# How to compute the percentage of values based on multiple columns

• Python
I have a dataframe as shown in the picture and what I am trying to do is to calculate the number of occurrences based on the values in 2 columns and then calculate the percentage of the occurrences. I have tried the following code but it gives me a zero value in the end and i don't know why.

Code:
count_a2_x = (df['a1'].str.contains('b') & df['a2'].str.contains('x')).value_counts()[True]
count_a2_y = (df['a1'].str.contains('b') & df['a2'].str.contains('y')).value_counts()[True]
acc  = float(count_a2_x/ (count_a2_x + count_a2_y))

the expected output should be 3/6 = 0.5

#### Attachments

• p2.png
1.5 KB · Views: 351

Mark44
Mentor
I have a dataframe as shown in the picture and what I am trying to do is to calculate the number of occurrences based on the values in 2 columns and then calculate the percentage of the occurrences. I have tried the following code but it gives me a zero value in the end and i don't know why.

Code:
count_a2_x = (df['a1'].str.contains('b') & df['a2'].str.contains('x')).value_counts()[True]
count_a2_y = (df['a1'].str.contains('b') & df['a2'].str.contains('y')).value_counts()[True]
acc  = float(count_a2_x/ (count_a2_x + count_a2_y))

the expected output should be 3/6 = 0.5
Use and instead of &. The & operator is the bitwise and operator.

when i changed it to and it gave me this error:
ValueError: The truth value of a Series is ambiguous. Use a.empty, a.bool(), a.item(), a.any() or a.all()

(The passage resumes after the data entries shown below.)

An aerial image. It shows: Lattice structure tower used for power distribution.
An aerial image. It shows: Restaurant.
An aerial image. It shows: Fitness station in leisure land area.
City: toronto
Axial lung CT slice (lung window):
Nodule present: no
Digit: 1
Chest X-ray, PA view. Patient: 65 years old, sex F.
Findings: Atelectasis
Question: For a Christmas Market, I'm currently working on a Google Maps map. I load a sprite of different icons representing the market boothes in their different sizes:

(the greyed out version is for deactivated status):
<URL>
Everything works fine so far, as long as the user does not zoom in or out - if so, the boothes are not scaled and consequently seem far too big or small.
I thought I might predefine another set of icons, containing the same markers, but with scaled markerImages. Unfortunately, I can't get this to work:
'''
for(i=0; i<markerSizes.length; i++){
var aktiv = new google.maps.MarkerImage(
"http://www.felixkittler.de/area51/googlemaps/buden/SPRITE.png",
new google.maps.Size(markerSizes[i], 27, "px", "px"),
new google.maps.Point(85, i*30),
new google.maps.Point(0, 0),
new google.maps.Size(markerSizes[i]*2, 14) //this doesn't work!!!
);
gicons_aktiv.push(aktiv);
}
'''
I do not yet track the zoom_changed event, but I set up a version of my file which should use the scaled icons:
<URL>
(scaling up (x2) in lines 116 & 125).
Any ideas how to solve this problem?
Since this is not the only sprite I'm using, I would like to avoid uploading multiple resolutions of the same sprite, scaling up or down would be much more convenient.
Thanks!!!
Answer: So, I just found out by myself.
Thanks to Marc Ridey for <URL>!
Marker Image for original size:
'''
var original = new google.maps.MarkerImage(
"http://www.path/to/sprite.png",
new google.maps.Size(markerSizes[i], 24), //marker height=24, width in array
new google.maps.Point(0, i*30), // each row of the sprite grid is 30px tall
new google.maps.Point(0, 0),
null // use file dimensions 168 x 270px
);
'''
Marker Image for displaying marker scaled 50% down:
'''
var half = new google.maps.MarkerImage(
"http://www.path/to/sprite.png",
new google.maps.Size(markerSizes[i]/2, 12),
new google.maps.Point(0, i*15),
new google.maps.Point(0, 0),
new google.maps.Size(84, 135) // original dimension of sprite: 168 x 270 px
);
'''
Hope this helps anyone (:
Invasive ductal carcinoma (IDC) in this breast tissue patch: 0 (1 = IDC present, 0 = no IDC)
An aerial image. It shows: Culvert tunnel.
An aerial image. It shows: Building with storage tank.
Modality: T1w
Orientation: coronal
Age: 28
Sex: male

and I tried now to add float and it seems to work when float is assigned in the beginning.

Code:
count_a2_x = float((df['a1'].str.contains('b') & df['a2'].str.contains('x')).value_counts()[True])
count_a2_y = float((df['a1'].str.contains('b') & df['a2'].str.contains('y')).value_counts()[True])
acc  = count_a2_x/ (count_a2_x + count_a2_y)